ACTIVITY: An exact transcription of every entry is required, with the images left out.

[Collected data]
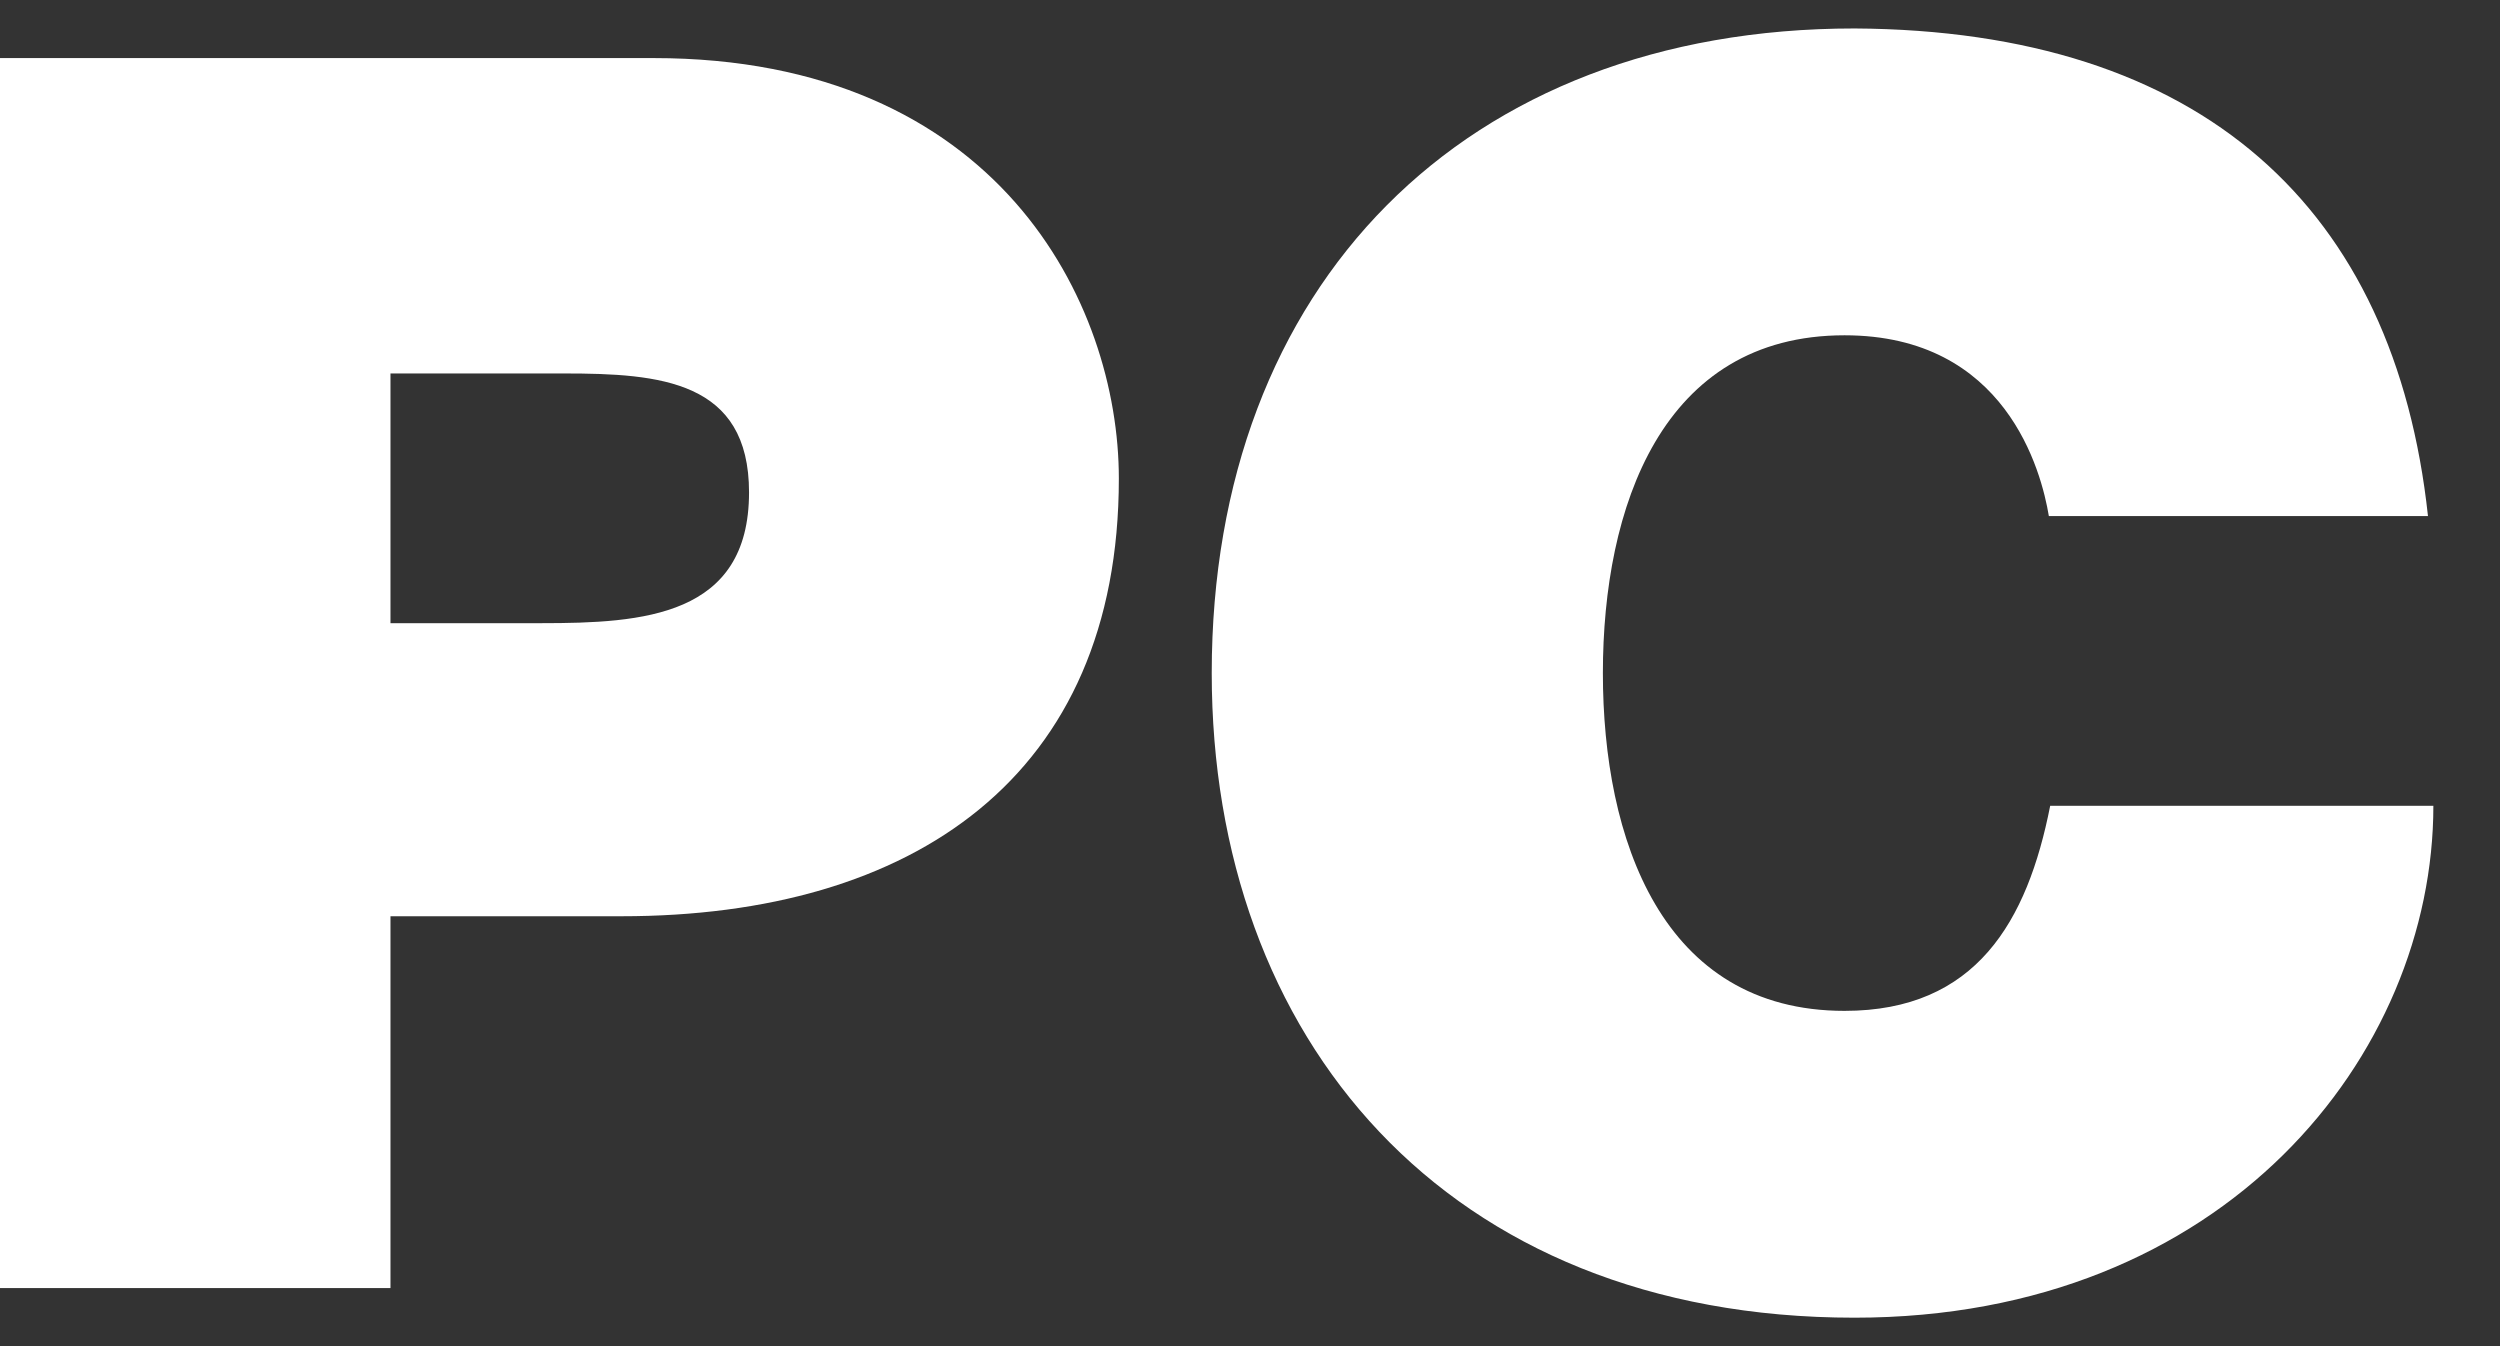 <svg width="26" height="14" viewBox="0 0 26 14" fill="none" xmlns="http://www.w3.org/2000/svg">
    <rect x="0" y="0" width="26" height="14" fill="#333333" stroke="none"/>
    <path d="M21.308 5.367C21.231 4.902 20.863 3.487 19.183 3.487C17.281 3.487 16.67 5.278 16.67 7C16.67 8.722 17.281 10.513 19.183 10.513C20.551 10.513 21.085 9.583 21.322 8.38H25.307C25.307 10.964 23.148 13.704 19.287 13.704C15.024 13.704 12.602 10.786 12.602 7C12.602 2.968 15.226 0.296 19.287 0.296C22.904 0.317 24.904 2.162 25.251 5.367H21.308Z" fill="white"/>
    <path d="M4.061 6.481H5.631C6.686 6.481 7.79 6.412 7.79 5.121C7.79 3.959 6.866 3.884 5.867 3.884H4.061V6.481ZM0 0.604H6.797C10.379 0.604 11.636 3.153 11.636 4.977C11.636 8.08 9.491 9.529 6.464 9.529H4.061V13.396H0V0.604Z" fill="white"/>
</svg>

PROBLEM SOLUTION:
 <svg width="26" height="14" viewBox="0 0 26 14" fill="none" xmlns="http://www.w3.org/2000/svg">
    <rect x="0" y="0" width="26" height="14" fill="#333333" stroke="none"/>
    <path d="M21.308 5.367C21.231 4.902 20.863 3.487 19.183 3.487C17.281 3.487 16.67 5.278 16.67 7C16.67 8.722 17.281 10.513 19.183 10.513C20.551 10.513 21.085 9.583 21.322 8.38H25.307C25.307 10.964 23.148 13.704 19.287 13.704C15.024 13.704 12.602 10.786 12.602 7C12.602 2.968 15.226 0.296 19.287 0.296C22.904 0.317 24.904 2.162 25.251 5.367H21.308Z" fill="white"/>
    <path d="M4.061 6.481H5.631C6.686 6.481 7.79 6.412 7.79 5.121C7.79 3.959 6.866 3.884 5.867 3.884H4.061V6.481ZM0 0.604H6.797C10.379 0.604 11.636 3.153 11.636 4.977C11.636 8.08 9.491 9.529 6.464 9.529H4.061V13.396H0V0.604Z" fill="white"/>
</svg>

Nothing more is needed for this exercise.